▶ **Problem details**: Nothing in the records may change. Print them all again.

• • • •

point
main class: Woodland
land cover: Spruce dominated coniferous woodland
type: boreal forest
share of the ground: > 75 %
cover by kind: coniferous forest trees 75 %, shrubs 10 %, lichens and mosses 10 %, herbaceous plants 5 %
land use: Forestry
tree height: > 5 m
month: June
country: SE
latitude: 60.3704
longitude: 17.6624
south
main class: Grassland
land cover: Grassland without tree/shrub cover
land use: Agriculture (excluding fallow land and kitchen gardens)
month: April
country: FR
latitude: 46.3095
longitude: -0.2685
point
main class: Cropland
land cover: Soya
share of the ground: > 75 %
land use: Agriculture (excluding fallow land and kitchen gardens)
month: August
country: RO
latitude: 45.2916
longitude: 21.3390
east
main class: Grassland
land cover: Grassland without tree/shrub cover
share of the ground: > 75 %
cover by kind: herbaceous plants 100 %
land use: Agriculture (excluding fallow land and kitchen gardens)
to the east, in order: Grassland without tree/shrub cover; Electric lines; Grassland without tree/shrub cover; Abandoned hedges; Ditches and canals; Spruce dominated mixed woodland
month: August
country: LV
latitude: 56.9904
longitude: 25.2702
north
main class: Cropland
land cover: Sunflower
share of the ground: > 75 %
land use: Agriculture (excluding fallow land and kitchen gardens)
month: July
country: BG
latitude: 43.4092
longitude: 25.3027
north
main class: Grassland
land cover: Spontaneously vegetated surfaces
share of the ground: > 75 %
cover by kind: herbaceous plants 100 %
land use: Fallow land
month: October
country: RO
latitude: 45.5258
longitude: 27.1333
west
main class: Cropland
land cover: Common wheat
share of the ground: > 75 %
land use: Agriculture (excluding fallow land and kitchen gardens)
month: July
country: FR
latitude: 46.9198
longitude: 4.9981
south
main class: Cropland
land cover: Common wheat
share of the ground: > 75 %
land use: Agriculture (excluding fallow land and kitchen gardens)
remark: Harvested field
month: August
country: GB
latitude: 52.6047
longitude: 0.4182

• • • •

▶ **Solution to the exercise**:
point
main class: Woodland
land cover: Spruce dominated coniferous woodland
type: boreal forest
share of the ground: > 75 %
cover by kind: coniferous forest trees 75 %, shrubs 10 %, lichens and mosses 10 %, herbaceous plants 5 %
land use: Forestry
tree height: > 5 m
month: June
country: SE
latitude: 60.3704
longitude: 17.6624
south
main class: Grassland
land cover: Grassland without tree/shrub cover
land use: Agriculture (excluding fallow land and kitchen gardens)
month: April
country: FR
latitude: 46.3095
longitude: -0.2685
point
main class: Cropland
land cover: Soya
share of the ground: > 75 %
land use: Agriculture (excluding fallow land and kitchen gardens)
month: August
country: RO
latitude: 45.2916
longitude: 21.3390
east
main class: Grassland
land cover: Grassland without tree/shrub cover
share of the ground: > 75 %
cover by kind: herbaceous plants 100 %
land use: Agriculture (excluding fallow land and kitchen gardens)
to the east, in order: Grassland without tree/shrub cover; Electric lines; Grassland without tree/shrub cover; Abandoned hedges; Ditches and canals; Spruce dominated mixed woodland
month: August
country: LV
latitude: 56.9904
longitude: 25.2702
north
main class: Cropland
land cover: Sunflower
share of the ground: > 75 %
land use: Agriculture (excluding fallow land and kitchen gardens)
month: July
country: BG
latitude: 43.4092
longitude: 25.3027
north
main class: Grassland
land cover: Spontaneously vegetated surfaces
share of the ground: > 75 %
cover by kind: herbaceous plants 100 %
land use: Fallow land
month: October
country: RO
latitude: 45.5258
longitude: 27.1333
west
main class: Cropland
land cover: Common wheat
share of the ground: > 75 %
land use: Agriculture (excluding fallow land and kitchen gardens)
month: July
country: FR
latitude: 46.9198
longitude: 4.9981
south
main class: Cropland
land cover: Common wheat
share of the ground: > 75 %
land use: Agriculture (excluding fallow land and kitchen gardens)
remark: Harvested field
month: August
country: GB
latitude: 52.6047
longitude: 0.4182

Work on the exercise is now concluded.